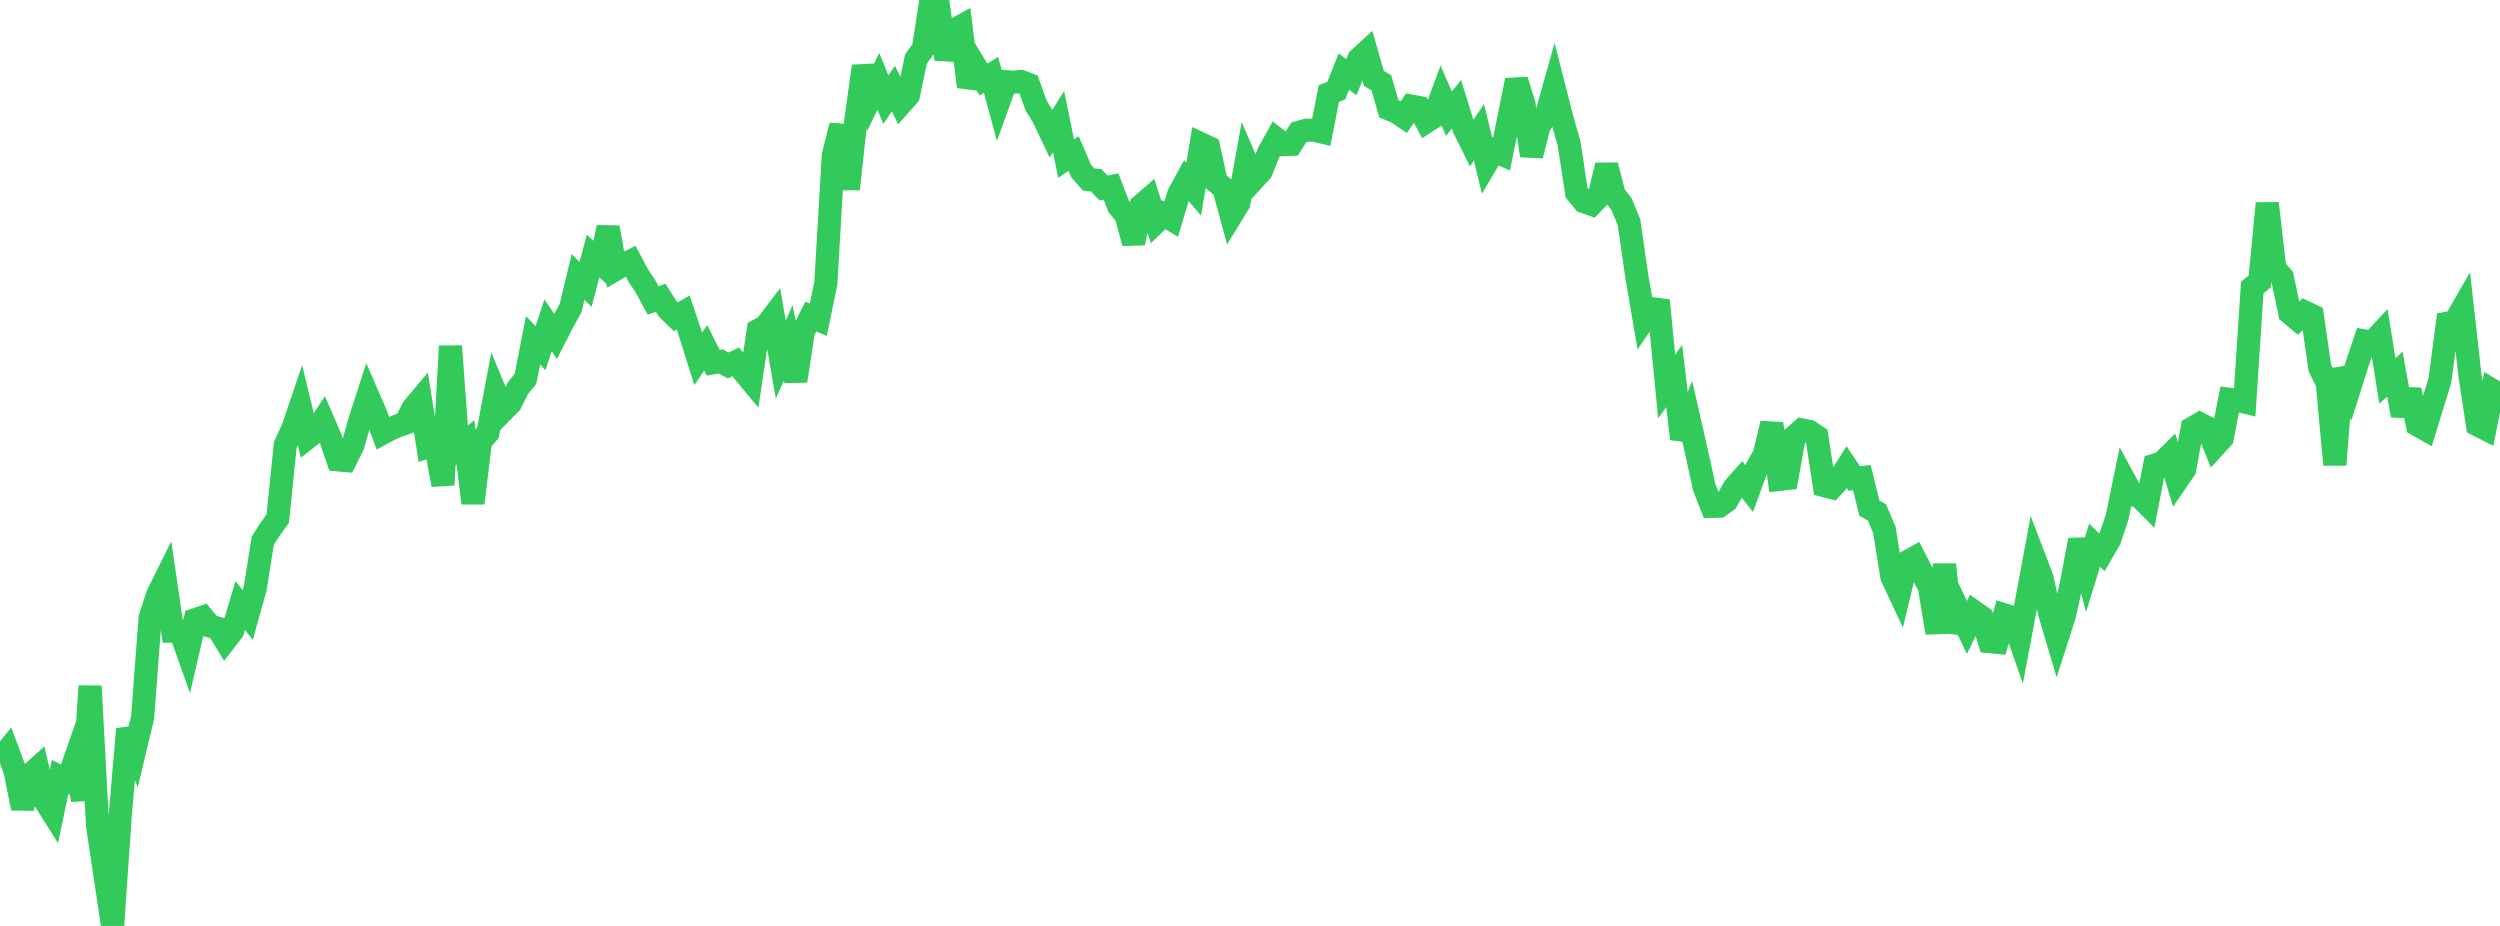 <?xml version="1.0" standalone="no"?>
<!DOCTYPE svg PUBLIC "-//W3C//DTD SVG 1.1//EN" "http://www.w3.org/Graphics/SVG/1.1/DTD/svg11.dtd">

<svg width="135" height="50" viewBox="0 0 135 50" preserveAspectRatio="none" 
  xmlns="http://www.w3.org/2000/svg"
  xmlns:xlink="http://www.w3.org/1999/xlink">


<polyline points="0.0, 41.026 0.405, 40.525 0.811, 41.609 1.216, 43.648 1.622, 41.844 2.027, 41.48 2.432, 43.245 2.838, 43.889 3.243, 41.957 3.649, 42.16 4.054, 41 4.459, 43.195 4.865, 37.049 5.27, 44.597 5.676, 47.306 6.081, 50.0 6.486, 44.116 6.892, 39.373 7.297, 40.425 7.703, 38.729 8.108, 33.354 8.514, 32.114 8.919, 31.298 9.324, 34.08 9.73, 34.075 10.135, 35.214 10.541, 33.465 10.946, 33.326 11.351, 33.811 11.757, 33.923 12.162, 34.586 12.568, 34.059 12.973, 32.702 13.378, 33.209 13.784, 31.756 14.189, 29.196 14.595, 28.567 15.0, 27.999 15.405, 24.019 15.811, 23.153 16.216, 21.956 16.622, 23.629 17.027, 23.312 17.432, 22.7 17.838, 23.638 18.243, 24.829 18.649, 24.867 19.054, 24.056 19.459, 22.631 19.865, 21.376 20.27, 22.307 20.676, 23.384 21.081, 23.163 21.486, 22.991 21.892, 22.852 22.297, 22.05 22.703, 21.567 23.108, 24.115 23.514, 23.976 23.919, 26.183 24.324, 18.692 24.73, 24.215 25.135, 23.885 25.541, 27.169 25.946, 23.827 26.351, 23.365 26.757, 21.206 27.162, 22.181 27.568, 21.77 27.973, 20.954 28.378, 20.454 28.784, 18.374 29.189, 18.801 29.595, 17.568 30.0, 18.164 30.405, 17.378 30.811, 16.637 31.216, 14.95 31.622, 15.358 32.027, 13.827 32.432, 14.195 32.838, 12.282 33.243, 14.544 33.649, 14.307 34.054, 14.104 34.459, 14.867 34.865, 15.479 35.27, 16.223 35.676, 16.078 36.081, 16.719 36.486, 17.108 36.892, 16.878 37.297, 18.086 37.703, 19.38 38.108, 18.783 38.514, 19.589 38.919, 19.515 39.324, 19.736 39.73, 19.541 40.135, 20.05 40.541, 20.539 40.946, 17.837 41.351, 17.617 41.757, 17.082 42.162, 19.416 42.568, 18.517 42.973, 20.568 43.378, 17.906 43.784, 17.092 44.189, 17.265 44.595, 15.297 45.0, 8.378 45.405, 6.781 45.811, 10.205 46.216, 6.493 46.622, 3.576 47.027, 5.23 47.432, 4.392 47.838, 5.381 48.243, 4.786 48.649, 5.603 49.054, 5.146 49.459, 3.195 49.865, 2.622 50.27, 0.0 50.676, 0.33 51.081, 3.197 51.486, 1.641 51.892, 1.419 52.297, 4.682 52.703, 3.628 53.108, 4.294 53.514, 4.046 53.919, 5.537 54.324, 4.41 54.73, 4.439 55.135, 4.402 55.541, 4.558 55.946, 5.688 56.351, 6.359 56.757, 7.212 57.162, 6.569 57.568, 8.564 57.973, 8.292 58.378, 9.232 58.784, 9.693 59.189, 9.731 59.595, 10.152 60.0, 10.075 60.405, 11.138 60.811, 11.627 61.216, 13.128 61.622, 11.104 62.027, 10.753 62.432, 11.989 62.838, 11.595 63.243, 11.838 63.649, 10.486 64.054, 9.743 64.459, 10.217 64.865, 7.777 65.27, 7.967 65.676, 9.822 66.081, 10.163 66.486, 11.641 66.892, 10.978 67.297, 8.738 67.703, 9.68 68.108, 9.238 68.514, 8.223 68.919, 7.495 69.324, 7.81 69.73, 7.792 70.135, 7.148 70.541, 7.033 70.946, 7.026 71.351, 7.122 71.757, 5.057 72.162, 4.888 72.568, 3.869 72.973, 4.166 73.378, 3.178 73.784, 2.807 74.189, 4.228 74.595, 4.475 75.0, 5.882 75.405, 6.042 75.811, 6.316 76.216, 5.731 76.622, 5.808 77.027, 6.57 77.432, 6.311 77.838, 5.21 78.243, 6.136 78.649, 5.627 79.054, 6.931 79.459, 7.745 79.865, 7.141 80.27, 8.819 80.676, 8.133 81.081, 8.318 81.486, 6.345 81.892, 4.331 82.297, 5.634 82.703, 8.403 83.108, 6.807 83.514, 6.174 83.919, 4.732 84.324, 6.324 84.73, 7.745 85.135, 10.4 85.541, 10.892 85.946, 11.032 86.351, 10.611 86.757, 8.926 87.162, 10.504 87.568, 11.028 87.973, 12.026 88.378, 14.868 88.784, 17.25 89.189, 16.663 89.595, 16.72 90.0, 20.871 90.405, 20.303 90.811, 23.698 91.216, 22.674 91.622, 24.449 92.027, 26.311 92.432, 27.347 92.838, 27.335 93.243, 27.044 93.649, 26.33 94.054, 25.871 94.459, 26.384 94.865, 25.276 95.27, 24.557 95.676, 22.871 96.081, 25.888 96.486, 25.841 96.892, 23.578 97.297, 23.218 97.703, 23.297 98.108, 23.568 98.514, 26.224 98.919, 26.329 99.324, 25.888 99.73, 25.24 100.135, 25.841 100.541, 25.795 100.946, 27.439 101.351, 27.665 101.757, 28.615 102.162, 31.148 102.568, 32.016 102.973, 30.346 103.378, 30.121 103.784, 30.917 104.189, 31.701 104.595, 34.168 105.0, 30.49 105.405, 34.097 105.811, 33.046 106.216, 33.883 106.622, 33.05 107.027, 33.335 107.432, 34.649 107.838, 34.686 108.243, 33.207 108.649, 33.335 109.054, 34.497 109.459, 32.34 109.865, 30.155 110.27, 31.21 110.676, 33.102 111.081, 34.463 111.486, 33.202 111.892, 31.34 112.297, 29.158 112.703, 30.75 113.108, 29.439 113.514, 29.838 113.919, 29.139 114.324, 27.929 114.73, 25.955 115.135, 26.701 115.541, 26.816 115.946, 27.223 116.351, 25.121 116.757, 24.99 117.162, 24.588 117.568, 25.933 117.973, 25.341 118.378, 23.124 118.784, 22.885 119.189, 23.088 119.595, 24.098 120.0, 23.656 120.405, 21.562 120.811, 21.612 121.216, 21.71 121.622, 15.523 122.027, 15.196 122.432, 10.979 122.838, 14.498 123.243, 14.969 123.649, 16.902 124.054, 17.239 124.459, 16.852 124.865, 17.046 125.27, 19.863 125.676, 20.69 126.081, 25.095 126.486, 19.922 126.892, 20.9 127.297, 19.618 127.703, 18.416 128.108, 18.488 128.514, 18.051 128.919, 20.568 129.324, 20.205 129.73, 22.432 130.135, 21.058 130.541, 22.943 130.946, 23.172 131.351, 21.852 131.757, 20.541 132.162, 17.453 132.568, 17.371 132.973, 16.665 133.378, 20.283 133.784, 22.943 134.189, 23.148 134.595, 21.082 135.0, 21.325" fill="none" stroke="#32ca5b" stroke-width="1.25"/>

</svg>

■ WHAT IS BEING ASKED:
Copy all lines from the material that hold "xmlns".

■ OUTPUT FOR THIS TASK:
  xmlns="http://www.w3.org/2000/svg"
  xmlns:xlink="http://www.w3.org/1999/xlink">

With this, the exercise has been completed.